[Stored data entries]
*-*-*

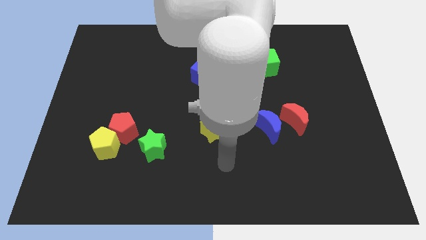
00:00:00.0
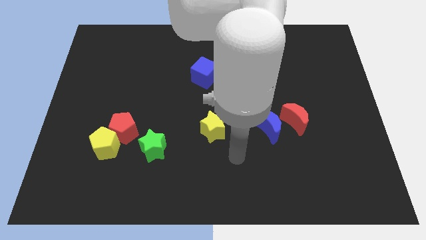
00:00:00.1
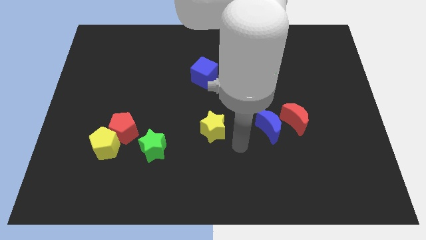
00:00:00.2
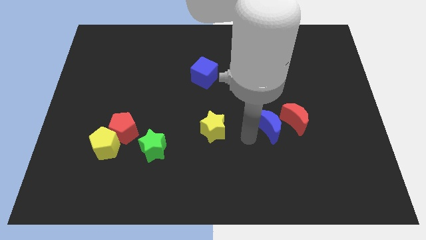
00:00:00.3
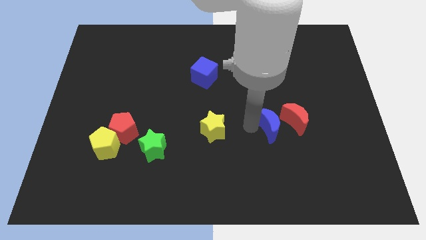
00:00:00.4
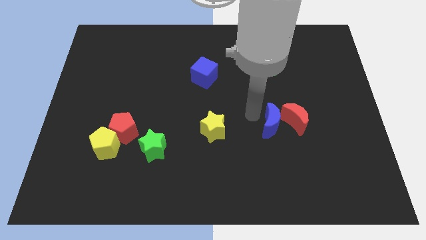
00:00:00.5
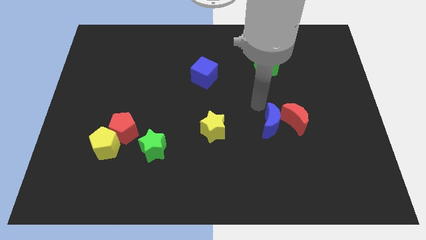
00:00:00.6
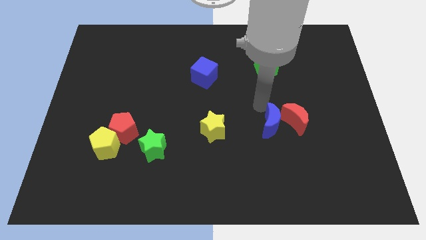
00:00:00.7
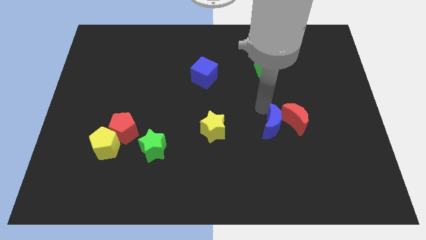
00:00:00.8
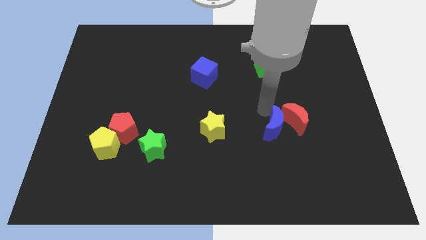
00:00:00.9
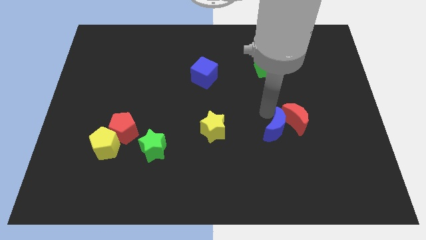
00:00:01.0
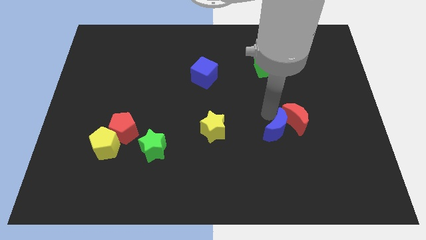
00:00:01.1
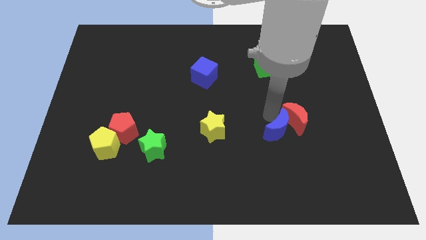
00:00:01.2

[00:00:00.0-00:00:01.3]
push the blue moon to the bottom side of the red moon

*-*-*

■ Aim of the exercise ■
Each record above goes into the copy word for word; the pictures do not.

■ Reply ■
00:00:00.0
00:00:00.1
00:00:00.2
00:00:00.3
00:00:00.4
00:00:00.5
00:00:00.6
00:00:00.7
00:00:00.8
00:00:00.9
00:00:01.0
00:00:01.1
00:00:01.2

[00:00:00.0-00:00:01.3]
push the blue moon to the bottom side of the red moon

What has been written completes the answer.